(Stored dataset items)

=== Begin Enclosure ===

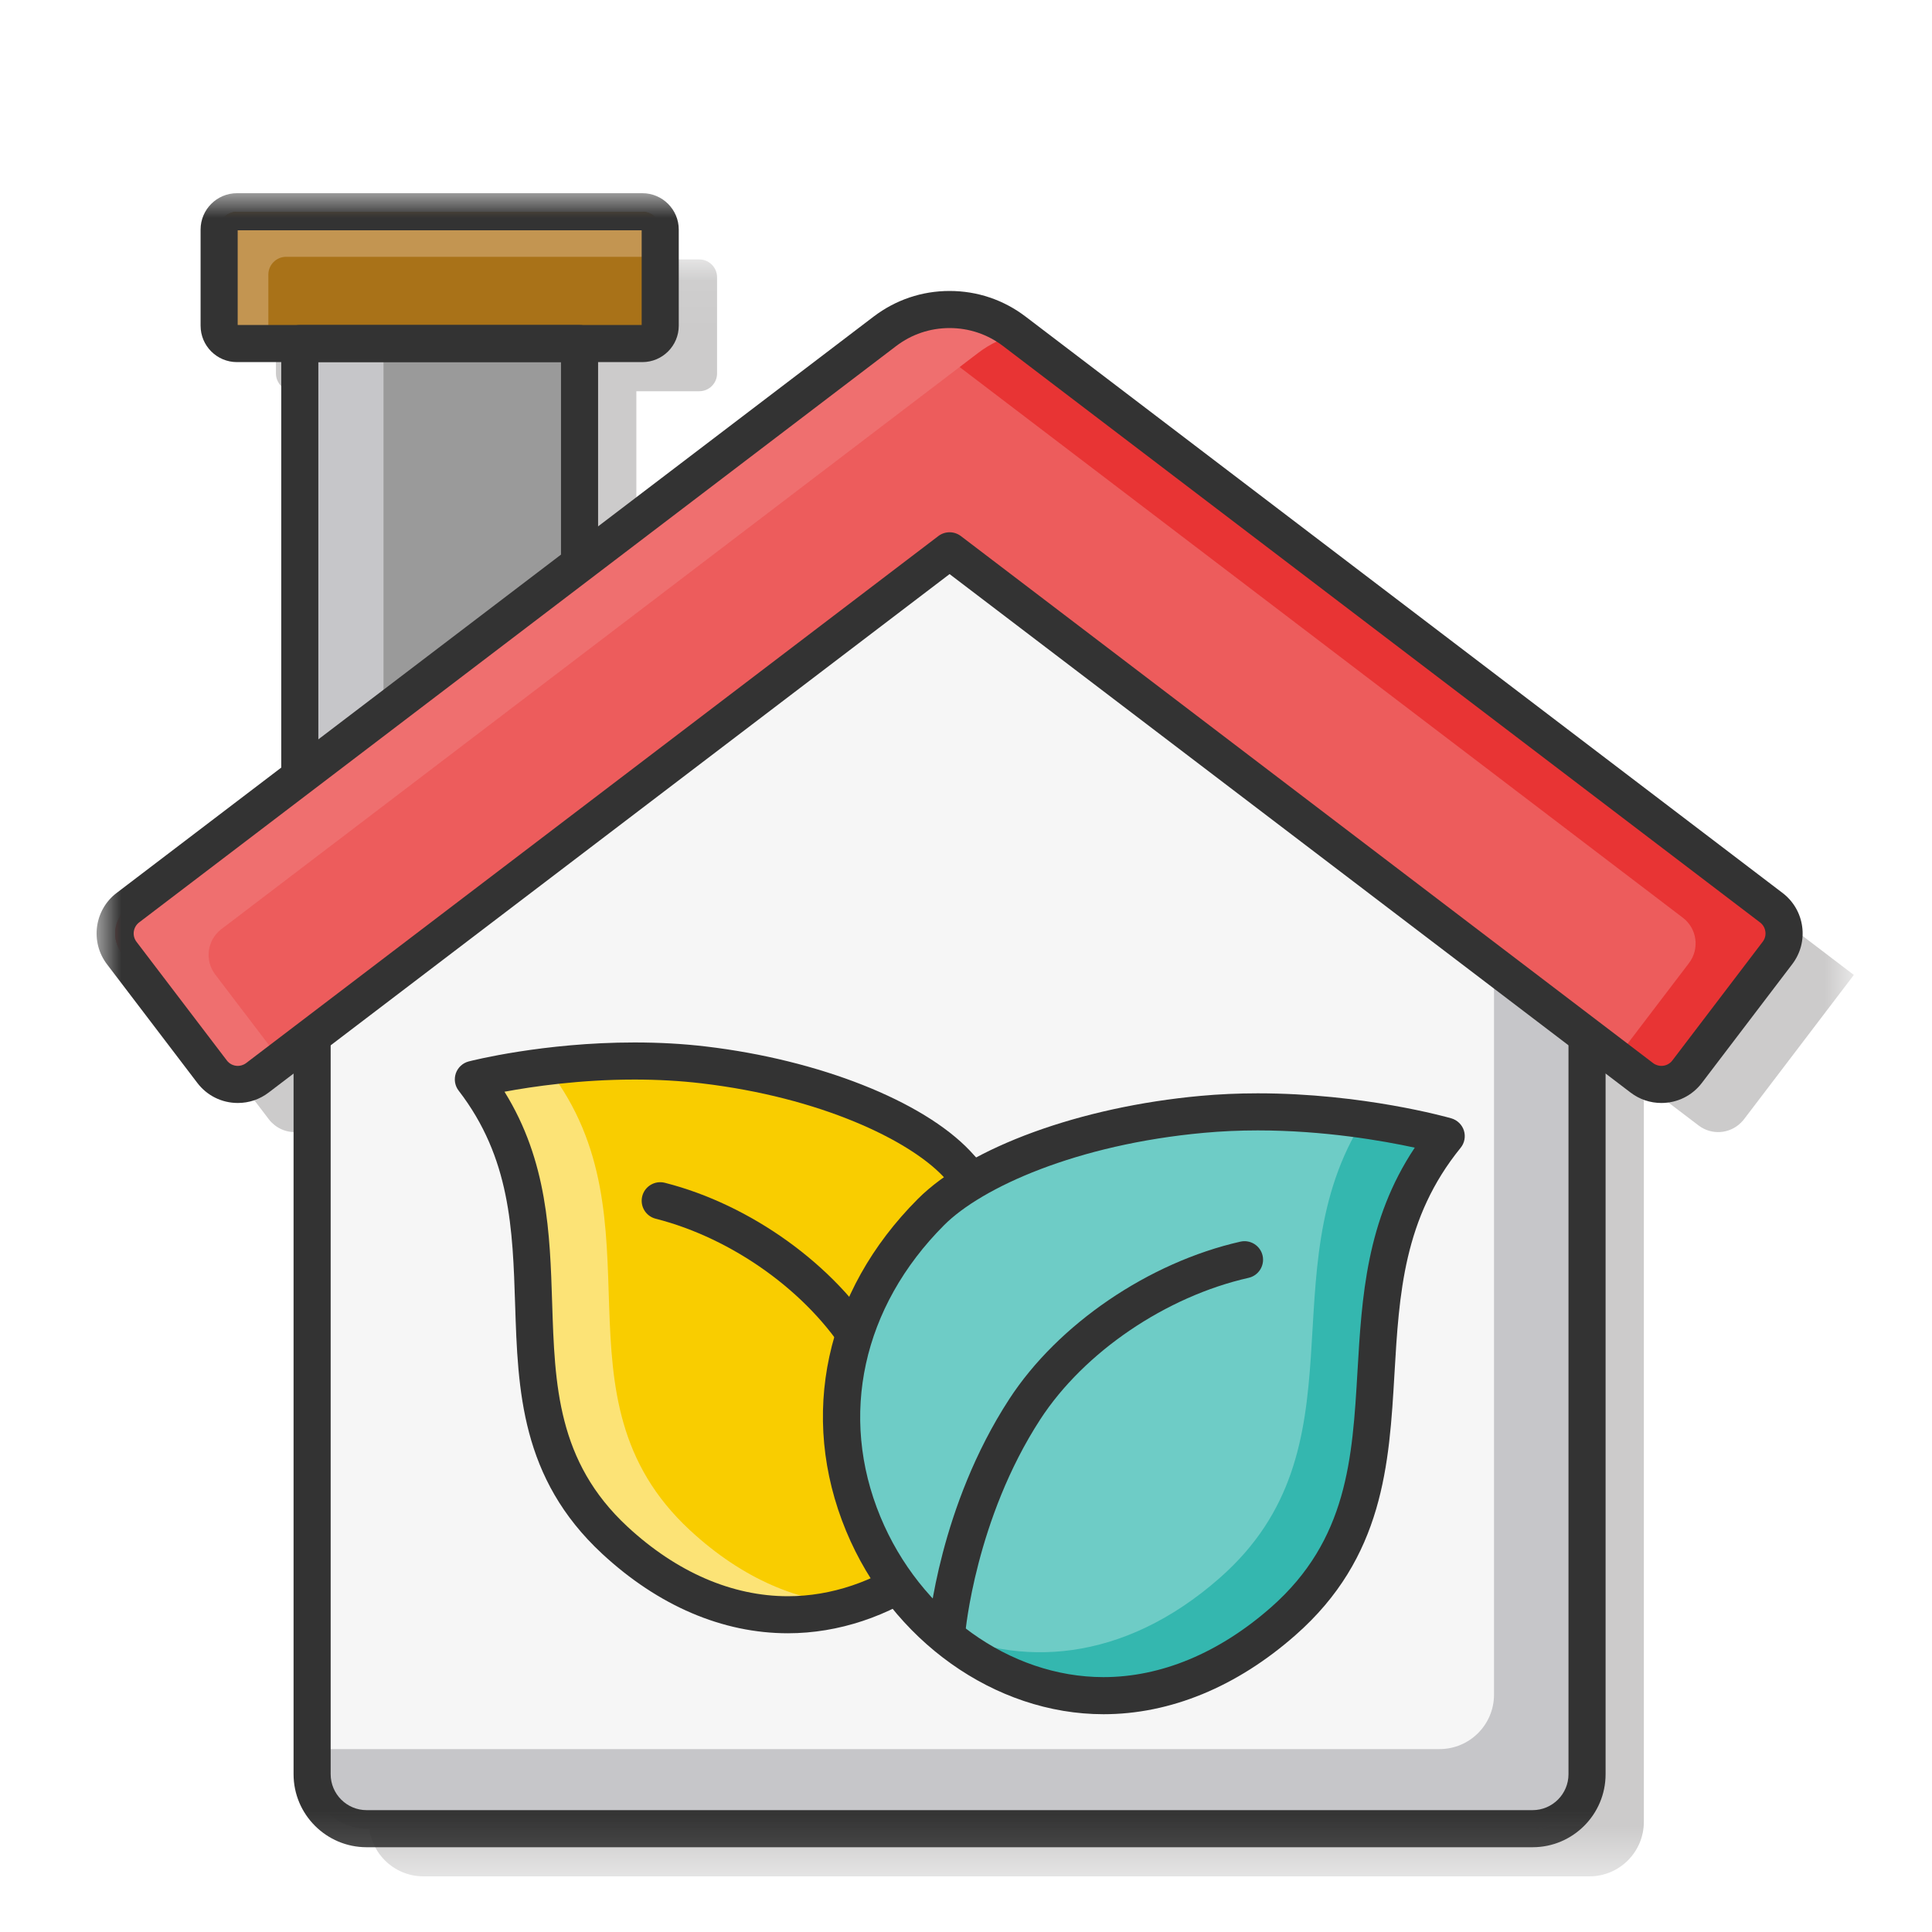 <?xml version="1.0" encoding="UTF-8"?>
<svg width="40px" height="40px" viewBox="0 0 40 40" version="1.1" xmlns="http://www.w3.org/2000/svg" xmlns:xlink="http://www.w3.org/1999/xlink">
    <!-- Generator: Sketch 58 (84663) - https://sketch.com -->
    <title>desarrollo_40x40</title>
    <desc>Created with Sketch.</desc>
    <defs>
        <polygon id="path-1" points="0.27 0.063 35.092 0.063 35.092 33.54 0.27 33.54"></polygon>
        <polygon id="path-3" points="0 34.848 36.382 34.848 36.382 0 0 0"></polygon>
    </defs>
    <g id="desarrollo_40x40" stroke="none" stroke-width="1" fill="none" fill-rule="evenodd">
        <g id="Group-28" transform="translate(2, 4)">
            <g id="Group-3" transform="translate(1.29, 1.308)">
                <mask id="mask-2" fill="white">
                    <use xlink:href="#path-1"></use>
                </mask>
                <g id="Clip-2"></g>
                <path d="M34.56,14.472 C34.56,14.472 34.56,14.472 34.56,14.472 L18.888,2.54 C18.84,2.503 18.791,2.47 18.742,2.438 C18.725,2.427 18.707,2.417 18.69,2.407 C18.657,2.387 18.624,2.367 18.59,2.349 C18.569,2.337 18.546,2.327 18.524,2.317 C18.495,2.302 18.465,2.287 18.434,2.274 C18.409,2.263 18.385,2.254 18.36,2.244 C18.332,2.232 18.303,2.221 18.275,2.211 C18.248,2.202 18.22,2.193 18.193,2.185 C18.166,2.177 18.14,2.169 18.113,2.162 C18.084,2.155 18.054,2.147 18.024,2.141 C17.999,2.135 17.975,2.131 17.95,2.126 C17.918,2.12 17.886,2.115 17.853,2.11 C17.831,2.107 17.81,2.104 17.788,2.102 C17.752,2.098 17.717,2.095 17.681,2.093 C17.664,2.092 17.646,2.091 17.628,2.091 C17.588,2.089 17.548,2.088 17.509,2.089 C17.497,2.089 17.486,2.09 17.474,2.09 C17.429,2.092 17.383,2.094 17.338,2.098 L17.338,2.098 C16.936,2.137 16.543,2.283 16.205,2.54 L9.885,7.352 L9.885,2.792 L11.187,2.792 C11.391,2.792 11.556,2.627 11.556,2.423 L11.556,0.996 L11.556,0.432 C11.556,0.229 11.391,0.063 11.187,0.063 L2.792,0.063 C2.625,0.063 2.486,0.175 2.44,0.327 C2.437,0.337 2.433,0.347 2.43,0.358 C2.429,0.366 2.429,0.374 2.428,0.382 C2.426,0.399 2.423,0.415 2.423,0.432 L2.423,2.423 C2.423,2.627 2.588,2.792 2.792,2.792 L3.443,2.792 L4.093,2.792 L4.093,11.726 L4.141,11.726 L0.534,14.472 C0.369,14.598 0.278,14.786 0.271,14.979 C0.265,15.129 0.309,15.282 0.407,15.411 L1.6,16.978 L2.277,17.867 C2.31,17.911 2.348,17.948 2.389,17.981 C2.623,18.172 2.965,18.185 3.216,17.994 L4.349,17.132 L4.349,32.412 C4.349,33.035 4.854,33.54 5.477,33.54 L29.617,33.54 C30.239,33.54 30.744,33.035 30.744,32.412 L30.744,17.132 L31.878,17.994 C32.146,18.198 32.518,18.169 32.751,17.939 C32.774,17.917 32.796,17.893 32.816,17.867 L33.127,17.459 L35.092,14.877 L34.56,14.472 Z" id="Fill-1" fill="#CCCBCB" mask="url(#mask-2)"></path>
            </g>
            <path d="M11.669,2.744 C11.669,2.948 11.504,3.113 11.301,3.113 L2.905,3.113 C2.702,3.113 2.537,2.948 2.537,2.744 L2.537,0.753 C2.537,0.549 2.702,0.384 2.905,0.384 L11.301,0.384 C11.504,0.384 11.669,0.549 11.669,0.753 L11.669,2.744 Z" id="Fill-4" fill="#A97218"></path>
            <path d="M3.556,1.686 C3.556,1.482 3.721,1.317 3.924,1.317 L11.669,1.317 L11.669,0.753 C11.669,0.549 11.504,0.384 11.301,0.384 L2.905,0.384 C2.702,0.384 2.536,0.549 2.536,0.753 L2.536,2.744 C2.536,2.947 2.702,3.113 2.905,3.113 L3.556,3.113 L3.556,1.686 Z" id="Fill-6" fill="#C39551"></path>
            <mask id="mask-4" fill="white">
                <use xlink:href="#path-3"></use>
            </mask>
            <g id="Clip-9"></g>
            <polygon id="Fill-8" fill="#9A9A9A" mask="url(#mask-4)" points="4.207 12.046 9.999 12.046 9.999 3.113 4.207 3.113"></polygon>
            <polygon id="Fill-10" fill="#C6C6C9" mask="url(#mask-4)" points="4.208 12.046 5.94 12.046 5.94 3.113 4.208 3.113"></polygon>
            <path d="M4.591,11.662 L9.615,11.662 L9.615,3.497 L4.591,3.497 L4.591,11.662 Z M9.999,12.43 L4.207,12.43 C3.995,12.43 3.823,12.258 3.823,12.046 L3.823,3.113 C3.823,2.901 3.995,2.729 4.207,2.729 L9.999,2.729 C10.211,2.729 10.383,2.901 10.383,3.113 L10.383,12.046 C10.383,12.258 10.211,12.43 9.999,12.43 L9.999,12.43 Z" id="Fill-11" fill="#333333" mask="url(#mask-4)"></path>
            <path d="M2.921,2.729 L11.285,2.729 L11.285,0.768 L2.921,0.768 L2.921,2.729 Z M11.3,3.497 L2.906,3.497 C2.49,3.497 2.153,3.159 2.153,2.744 L2.153,0.753 C2.153,0.338 2.49,-0 2.906,-0 L11.3,-0 C11.715,-0 12.053,0.338 12.053,0.753 L12.053,2.744 C12.053,3.159 11.715,3.497 11.3,3.497 L11.3,3.497 Z" id="Fill-12" fill="#333333" mask="url(#mask-4)"></path>
            <path d="M30.858,32.733 C30.858,33.356 30.353,33.861 29.731,33.861 L5.59,33.861 C4.967,33.861 4.462,33.356 4.462,32.733 L4.462,16.386 L17.66,6.337 L30.858,16.386 L30.858,32.733 Z" id="Fill-13" fill="#F6F6F6" mask="url(#mask-4)"></path>
            <path d="M28.932,14.92 L28.932,31.085 C28.932,31.708 28.427,32.213 27.804,32.213 L4.463,32.213 L4.463,32.733 C4.463,33.356 4.968,33.861 5.59,33.861 L29.73,33.861 C30.353,33.861 30.858,33.356 30.858,32.733 L30.858,16.386 L28.932,14.92 Z" id="Fill-14" fill="#C6C6C9" mask="url(#mask-4)"></path>
            <path d="M4.846,16.576 L4.846,32.733 C4.846,33.143 5.18,33.477 5.59,33.477 L29.731,33.477 C30.14,33.477 30.474,33.143 30.474,32.733 L30.474,16.576 L17.66,6.82 L4.846,16.576 Z M29.731,34.245 L5.59,34.245 C4.757,34.245 4.078,33.567 4.078,32.733 L4.078,16.386 C4.078,16.266 4.135,16.153 4.23,16.081 L17.428,6.032 C17.565,5.927 17.755,5.927 17.893,6.032 L31.091,16.081 C31.186,16.153 31.242,16.266 31.242,16.386 L31.242,32.733 C31.242,33.567 30.564,34.245 29.731,34.245 L29.731,34.245 Z" id="Fill-15" fill="#333333" mask="url(#mask-4)"></path>
            <path d="M32.93,18.188 C32.706,18.482 32.286,18.539 31.991,18.315 L17.66,7.404 L3.33,18.315 C3.035,18.539 2.614,18.482 2.39,18.188 L0.52,15.731 C0.412,15.59 0.366,15.412 0.389,15.236 C0.413,15.059 0.506,14.9 0.648,14.792 L16.319,2.86 C17.112,2.257 18.209,2.257 19.001,2.86 L34.673,14.792 C34.815,14.9 34.907,15.059 34.931,15.236 C34.955,15.412 34.908,15.59 34.8,15.731 L32.93,18.188 Z" id="Fill-16" fill="#ED5C5C" mask="url(#mask-4)"></path>
            <path d="M34.673,14.792 L19.002,2.86 C18.274,2.306 17.289,2.263 16.52,2.726 C16.749,2.801 16.97,2.915 17.17,3.068 L32.841,15 C33.136,15.224 33.193,15.644 32.969,15.939 L31.465,17.914 L31.991,18.315 C32.285,18.539 32.706,18.482 32.93,18.188 L34.8,15.731 C35.024,15.437 34.968,15.016 34.673,14.792" id="Fill-17" fill="#E83434" mask="url(#mask-4)"></path>
            <path d="M2.456,16.176 C2.232,15.882 2.288,15.461 2.583,15.237 L18.254,3.305 C18.503,3.115 18.783,2.986 19.074,2.915 L19.002,2.86 C18.209,2.257 17.112,2.257 16.319,2.86 L0.648,14.792 C0.353,15.017 0.297,15.437 0.521,15.732 L2.39,18.188 C2.614,18.482 3.035,18.539 3.329,18.315 L3.807,17.951 L2.456,16.176 Z" id="Fill-18" fill="#EF6F6F" mask="url(#mask-4)"></path>
            <path d="M17.66,7.02 C17.742,7.02 17.824,7.046 17.893,7.098 L32.224,18.009 C32.287,18.057 32.353,18.068 32.397,18.068 C32.487,18.068 32.57,18.027 32.625,17.955 L34.494,15.499 C34.541,15.438 34.561,15.363 34.55,15.287 C34.54,15.211 34.501,15.144 34.44,15.098 L18.769,3.166 C18.447,2.921 18.064,2.792 17.66,2.792 C17.257,2.792 16.873,2.921 16.552,3.166 L0.88,15.098 C0.755,15.194 0.73,15.373 0.826,15.499 L2.696,17.955 C2.75,18.027 2.834,18.068 2.924,18.068 C2.968,18.068 3.033,18.057 3.097,18.009 L17.428,7.098 C17.496,7.046 17.579,7.02 17.66,7.02 M32.397,18.836 C32.164,18.836 31.944,18.761 31.759,18.62 L17.66,7.886 L3.562,18.62 C3.377,18.761 3.156,18.836 2.924,18.836 C2.592,18.836 2.286,18.684 2.085,18.42 L0.215,15.964 C-0.137,15.502 -0.048,14.839 0.415,14.487 L16.087,2.555 C16.543,2.208 17.087,2.024 17.66,2.024 C18.234,2.024 18.778,2.208 19.234,2.555 L34.905,14.487 C35.129,14.657 35.274,14.905 35.312,15.184 C35.35,15.463 35.276,15.74 35.105,15.964 L33.236,18.42 C33.035,18.684 32.729,18.836 32.397,18.836" id="Fill-19" fill="#333333" mask="url(#mask-4)"></path>
            <path d="M17.804,20.09 C22.574,25.122 15.938,32.718 10.728,27.887 C7.751,25.126 10.226,21.497 7.8,18.348 C7.8,18.348 10.091,17.755 12.567,18.047 C14.944,18.328 16.935,19.174 17.804,20.09" id="Fill-20" fill="#F9CD00" mask="url(#mask-4)"></path>
            <path d="M12.283,27.68 C9.305,24.919 11.781,21.29 9.355,18.14 C9.355,18.14 9.569,18.085 9.935,18.017 C8.679,18.121 7.8,18.348 7.8,18.348 C10.226,21.497 7.751,25.126 10.728,27.887 C12.371,29.41 14.155,29.698 15.679,29.22 C14.566,29.173 13.392,28.708 12.283,27.68" id="Fill-21" fill="#FCE376" mask="url(#mask-4)"></path>
            <path d="M8.445,18.603 C9.338,20.042 9.386,21.534 9.432,22.982 C9.486,24.668 9.537,26.259 10.989,27.606 C12.006,28.549 13.156,29.048 14.313,29.048 C16.115,29.048 17.855,27.817 18.642,25.986 C19.467,24.067 19.049,21.962 17.525,20.354 C16.816,19.606 14.993,18.72 12.522,18.429 C12.082,18.377 11.615,18.351 11.136,18.351 C10.012,18.351 9.025,18.495 8.445,18.603 M14.313,29.815 C12.959,29.815 11.629,29.246 10.467,28.169 C8.78,26.604 8.722,24.776 8.665,23.007 C8.615,21.447 8.568,19.973 7.497,18.582 C7.417,18.48 7.396,18.345 7.437,18.223 C7.479,18.101 7.58,18.008 7.704,17.976 C7.766,17.96 9.247,17.583 11.136,17.583 C11.645,17.583 12.142,17.61 12.612,17.666 C14.953,17.942 17.1,18.79 18.083,19.826 C19.825,21.664 20.297,24.08 19.347,26.289 C18.441,28.398 16.417,29.815 14.313,29.815" id="Fill-22" fill="#333333" mask="url(#mask-4)"></path>
            <path d="M17.281,28.648 C17.079,28.648 16.91,28.491 16.898,28.286 C16.896,28.253 16.749,26.044 15.548,24.087 C14.732,22.759 13.172,21.638 11.575,21.232 C11.369,21.18 11.245,20.971 11.297,20.766 C11.349,20.56 11.559,20.436 11.764,20.488 C13.545,20.94 15.287,22.195 16.202,23.685 C17.511,25.818 17.659,28.144 17.665,28.242 C17.677,28.454 17.515,28.635 17.304,28.647 C17.296,28.648 17.289,28.648 17.281,28.648" id="Fill-23" fill="#333333" mask="url(#mask-4)"></path>
            <path d="M17.276,21.093 C12.072,26.3 18.904,34.548 24.568,29.566 C27.806,26.719 25.28,22.798 27.943,19.524 C27.943,19.524 25.528,18.83 22.892,19.071 C20.36,19.302 18.224,20.145 17.276,21.093" id="Fill-24" fill="#6ECCC6" mask="url(#mask-4)"></path>
            <path d="M26.23,19.181 C24.232,22.335 26.311,25.98 23.255,28.668 C21.246,30.435 19.089,30.537 17.375,29.7 C19.193,31.364 22,31.824 24.568,29.566 C27.806,26.719 25.28,22.798 27.942,19.523 C27.942,19.523 27.262,19.328 26.23,19.181" id="Fill-25" fill="#34B7AF" mask="url(#mask-4)"></path>
            <path d="M24.041,19.404 C23.659,19.404 23.284,19.421 22.926,19.454 C20.29,19.694 18.325,20.586 17.548,21.364 C15.856,23.057 15.362,25.315 16.228,27.404 C17.05,29.389 18.906,30.722 20.845,30.723 L20.846,30.723 C22.041,30.723 23.24,30.223 24.315,29.278 C25.901,27.883 26,26.19 26.105,24.397 C26.195,22.855 26.288,21.266 27.291,19.761 C26.622,19.616 25.409,19.404 24.041,19.404 M20.846,31.491 L20.845,31.491 C18.599,31.49 16.458,29.966 15.518,27.698 C14.53,25.312 15.085,22.742 17.005,20.821 C18.073,19.753 20.37,18.915 22.856,18.689 C23.238,18.654 23.636,18.636 24.041,18.636 C26.219,18.636 27.975,19.133 28.048,19.154 C28.172,19.19 28.27,19.285 28.309,19.408 C28.347,19.531 28.322,19.665 28.24,19.765 C27.06,21.218 26.968,22.784 26.871,24.442 C26.762,26.313 26.649,28.248 24.821,29.854 C23.605,30.925 22.23,31.491 20.846,31.491" id="Fill-26" fill="#333333" mask="url(#mask-4)"></path>
            <path d="M17.602,30.167 C17.592,30.167 17.581,30.167 17.57,30.166 C17.359,30.148 17.202,29.962 17.219,29.751 C17.228,29.647 17.45,27.188 18.896,24.966 C19.905,23.415 21.784,22.136 23.681,21.707 C23.888,21.66 24.094,21.79 24.141,21.997 C24.187,22.203 24.058,22.409 23.851,22.456 C22.138,22.843 20.445,23.993 19.539,25.385 C18.198,27.447 17.987,29.792 17.985,29.815 C17.968,30.015 17.8,30.167 17.602,30.167" id="Fill-27" fill="#333333" mask="url(#mask-4)"></path>
        </g>
    </g>
</svg>

=== End Enclosure ===

* _Required action_
Set apart and copy each line of the records that holds the word "white".

* _Answer space_
                <mask id="mask-2" fill="white">
            <mask id="mask-4" fill="white">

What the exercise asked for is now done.